A. Haemoglobin will be converted to methaemoglobin which cannot bind oxygen.

To quote from the article on Methaemoglobin in Wikipedia:

Methemoglobin (English: methaemoglobin) (pronounced "met-hemoglobin") is a form of the oxygen-carrying metalloprotein hemoglobin, in which the iron in the heme group is in the Fe3+ (ferric) state, not the Fe2+ (ferrous) of normal hemoglobin. Methemoglobin cannot bind oxygen, unlike oxyhemoglobin. It is bluish chocolate-brown in color. In human blood a trace amount of methemoglobin is normally produced spontaneously, but when present in excess the blood becomes abnormally dark bluish brown. The NADH-dependent enzyme methemoglobin reductase (diaphorase I) is responsible for converting methemoglobin back to hemoglobin.

The question also asks:

“…the higher the oxidation state of the cation, the higher its polarising power… hence stronger the bond.So wouldn't iron in the Ferric state be able to bind with oxygen better…”

which can be transformed into:

“Why can‘t methaemoglobin bind oxygen?”

The answer is chemically rather complex, but one thing you should be aware of is that in haemoglobin (and myoglobin) the oxygen Fe(II) is five-coordinated (as shown in the diagram below where Fe is black) and binds oxygen in the sixth position (to the right).

Haem pocket and haem

In simple terms, the electronic change in oxidation to Fe(III) causes a change in the geometry of the haem pocket such that oxygen no longer can bind (although now water can). This page elaborates the point, without providing a full chemical answer.
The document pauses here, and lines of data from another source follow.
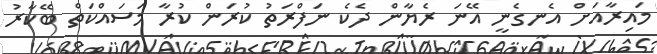
މައިރާއަށް އެނގެނީ އޭނަ ރެޔާން ދެކެ ނަފްރަތު ކުރަން ކުރާ މަސައްކަތް ބޭކާރު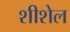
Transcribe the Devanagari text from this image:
शीशेल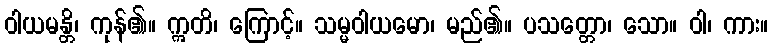
ဝါယမန္တိ၊ ကုန်၏။ ဣတိ၊ ကြောင့်။ သမ္မဝါယမော၊ မည်၏။ ပသတ္တော၊ သော။ ဝါ၊ ကား။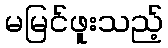
မမြင်ဖူးသည့်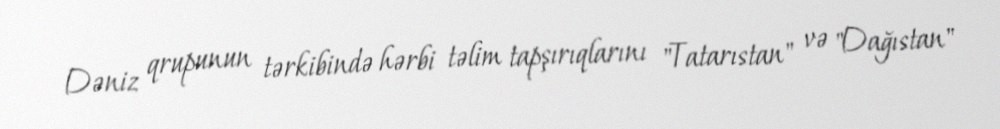
Dəniz qrupunun tərkibində hərbi təlim tapşırıqlarını "Tatarıstan" və "Dağıstan"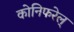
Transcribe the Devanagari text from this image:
कोनिफरेल्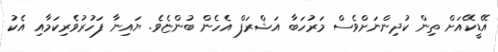
އޭޑީކޭއަށް ތިން ކުދިންނަށްވެސް މަރުހަބާ އަޝްރަފް އެހެން ބުންޏެވެ. ޔައިނާ ފަހުރުވެރިކަމާއި އެކު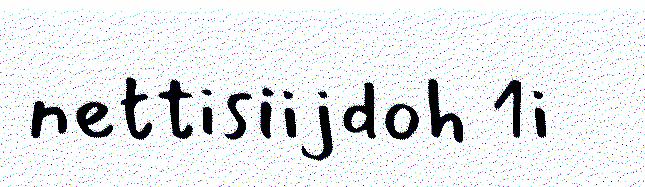
nettisiijdoh 1i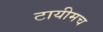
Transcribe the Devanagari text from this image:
टायीमच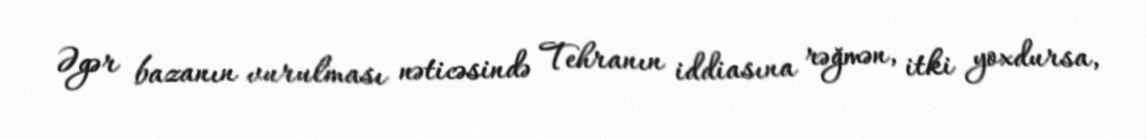
Əgər bazanın vurulması nəticəsində Tehranın iddiasına rəğmən, itki yoxdursa,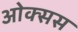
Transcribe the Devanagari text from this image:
ओक्सस

Footnote: Fe(II) or Fe2+ ?

Some readers may be wondering why I have referred to the ferrous state of Fe in haem as Fe(II) and not Fe2+ (which the Wikipedia entry uses). This is to avoid implying that there is an overall charge of 2+ on haem groups in haemglobin and myoglobin. Inspection of the structure of haem (above) will show that the formation of two covalent bonds to imidazole nitrogens has left haem with a zero net charge.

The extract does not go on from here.